A temporary examination chamber was constructed using layered barrier arrays.

Aruford sat alone at a long stone desk.

Across from him floated a crystalline projection slate.

Selvara's voice echoed through the room.

"You will answer verbally and in script. Time is irrelevant. Accuracy is not."

The first question appeared:

Define the difference between mana circulation and mana resonance.

Aruford wrote calmly.

"Circulation refers to internalized flow within a living vessel. Resonance refers to environmental alignment between vessel and external mana patterns."

The crystal flickered.

Next:

Explain why forced mana absorption can destabilize ley-lines.

"Because absorption that ignores natural flow direction creates localized vacuum distortion, causing rebound surges."

Selvara's eyebrow lifted slightly outside the chamber.
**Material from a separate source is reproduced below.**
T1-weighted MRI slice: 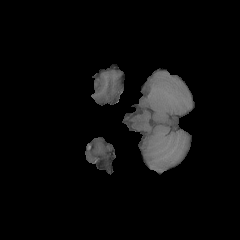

Marthis muttered under his breath.

"…He's seven."

"He's five," his father corrected quietly.

The Cosmology Section–

The projection shifted.

Layers appeared.

Realms overlapping.

"Describe the Mid-Realm Barrier and its function."

Aruford paused briefly.

The fragment stirred faintly but did not answer.

Good.

He responded on his own.

"The Mid-Realm Barrier prevents bleed-through between high-density entities and mortal planes. It is less a wall and more a filtration membrane."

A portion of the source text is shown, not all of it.